May 22, 2020
Finding the best bass fishing lake in Texas is no easy task. There are several in the Lone Star State that qualify with large, healthy fisheries. Or are we talking about where to find the lunkers? What is your definition of “best”? For us, the best bass lakes are the places where you can find both size and numbers.
Sure, there are lots of lakes with largemouth bass – but where can you hook up on your personal best? Where can you go to get several hook-ups in just an hour? We’re here to help.
Here are the Top Five Best Bass Lakes in Texas…
North of Houston is one of our favorite places to fish for largemouth bass, Lake Conroe. Actually, it’s a great place to fish any freshwater species found in Texas, so you can get a variety of catches here. But largemouth bass tend to get our attention. While they are not as big as other lakes on our list, they show up in healthy numbers. Spring season is when the fish are spawning, and once the temperatures shake off the cold you can be sure to catch a lunker.
Lake Conroe has submerged trees in the southern section; this is the place to start your largemouth bass fishing excursion. There are also fish attractors throughout the lake. In the cooler months you’ll find the bass near the shore, but as the temperatures warm up they move to the deeper waters. When you’re done targeting bass, check out the healthy population of catfish found here as well.
While Texas technically does share Toledo Bend Reservoir with the state of Louisiana, it still deserves a spot on our Texas list. Located on the state line, it’s always been a top producing lake of largemouth bass. The location and topography of this lake has a lot to do with the growth of size and numbers of this fishery. It’s a thin, long lake with marshes and vegetation where the bass like to hide, eat, and grow.

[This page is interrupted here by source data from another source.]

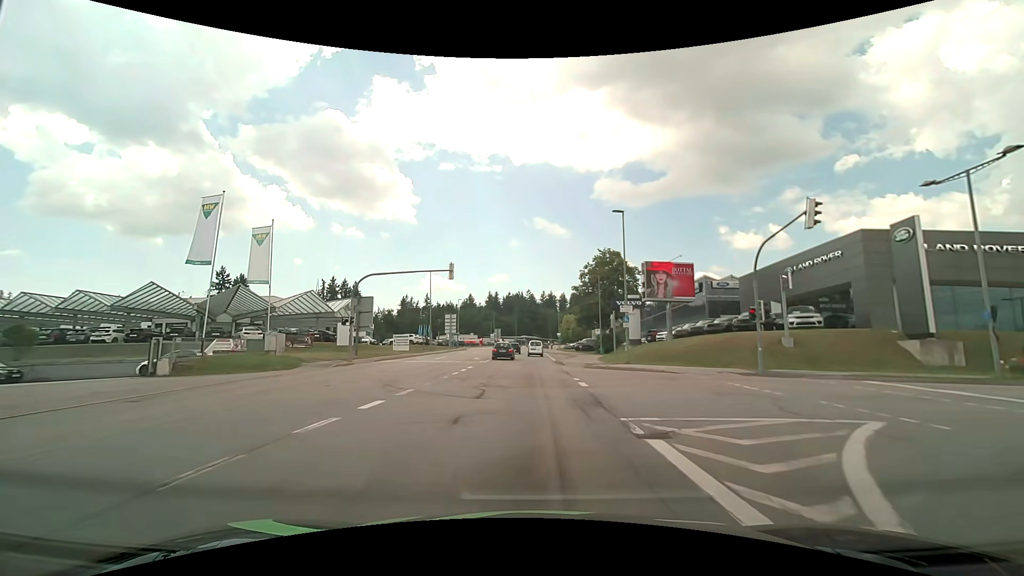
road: tertiary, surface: asphalt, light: Day
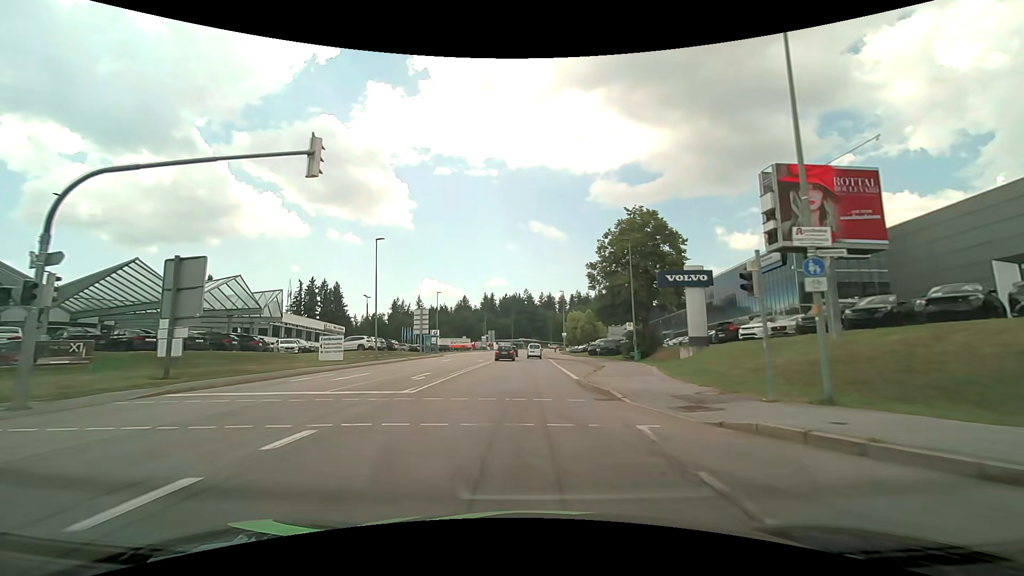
(0.0, +21.5) m; 0°
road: secondary
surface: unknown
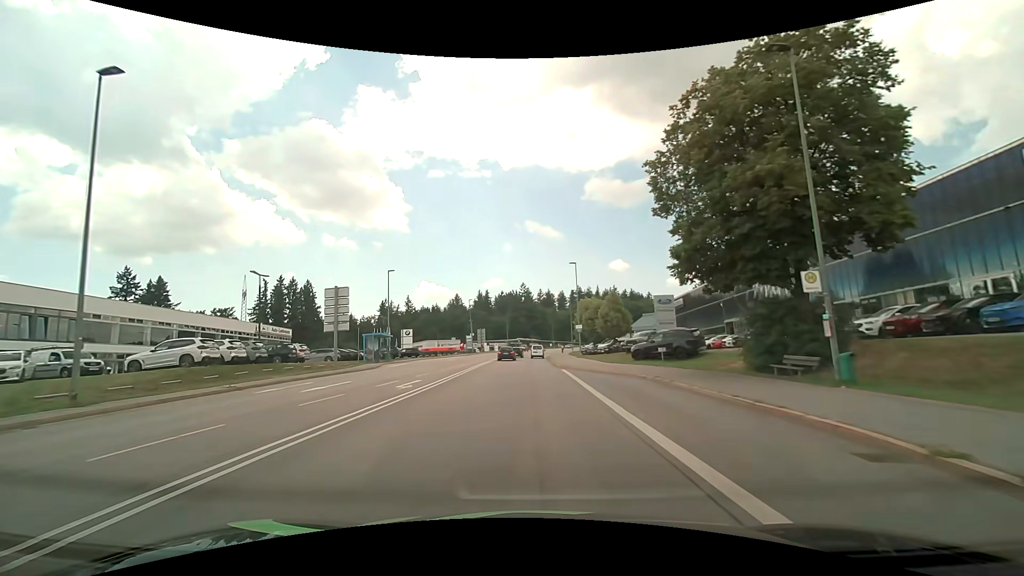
(+0.1, +27.4) m; 0°
(0, +10) (0, +20) (0, +30) (0, +40) (0, +50) (0, +60) (0, +70) (0, +80) (+1, +90) (+2, +100) m

The only time when you may get skunked fishing Toledo Bend is during the hot summer months. But the rest of the year, the fishing here is better than good. Low light conditions are best, or fish the edges of the day (those “golden hours” when the fish are feeding). Fish the shallow areas near submerged tree roots and structures. There are also a number of fish attractors throughout the lake that can be found with Fishfinder technology.
When the Falcon Dam was built in the 1950s on the Rio Grande (translated to “Large River”) it created Falcon Lake. Today it’s one of Texas’ best largemouth bass lakes. It’s on the border of the United States and Mexico and has over 83,000 acres. Anglers visit often to hook a line into one of the many big bass found in Falcon Lake; it’s common for 5 to 6 pound largemouth bass to be reeled in here.
It’s true that at one time the lake was in danger of losing too much fish and water; but today it stands as a contender for one of the best bass lakes in the state. The TPWD (Texas Parks and Wildlife Department) continues to monitor this fishery. We’re confident it will continue to be a favorite for anglers to catch large bass.
If a lake is designated as a favorite place for tournaments, then you can bet it’s a good spot for recreational bass anglers as well. Lake Sam Rayburn is just such a lake in Texas. This hot spot is located on the east side of the state, has over 600 miles of shoreline, and is the largest lake entirely within the state of Texas. With over 114,000 acres, Lake Sam Rayburn (also known as Sam Rayburn Reservoir) has a lot to offer anglers of all skill levels.
Sam Rayburn is a reservoir that was built in the 1960s, and today provides activity for water sport enthusiasts of all kinds. Boating, swimming, and fishing are popular activities on the lake. Though fishing takes the top spot. Year after year it’s recognized as one of the best bass lakes in the country, let alone Texas.
To reach our number one lake: Drive east from Dallas and make your way to Lake Fork. You won’t be the first angler to travel this road. Lake Fork is visited by several fishermen and women throughout the year. It’s a known top producer of lunker bucketmouths. Or, simply put, big ole’ largemouth bass are found in Lake Fork and it’s hands-down one of the best (if not the best lake in the state). But that’s just our opinion.
Lake Fork has over 27,000 acres and a depth of 70 feet. These numbers don’t quite paint the picture, but trust us in that this shallow lake in mid-Texas creates the perfect bass fishing conditions year-round. You can fish twelve months of the year, and get big fish in big numbers. Now that deserves a number one bass fishing lake in our books!
No matter where you’re fishing for largemouth bass fishing in Texas, know that you’ll have a great day bending the rod. Other species you can catch include striped bass, hybrid bass, crappie, sunfish, and catfish. If you’re fishing one of these lakes, or your own top five favorite, have your Texas fishing license, sunscreen or bug spray, and a camera to capture the day’s events. We don’t think you’ll have to long arm any of your photos, the bass in Texas are just like everything else found here: BIG!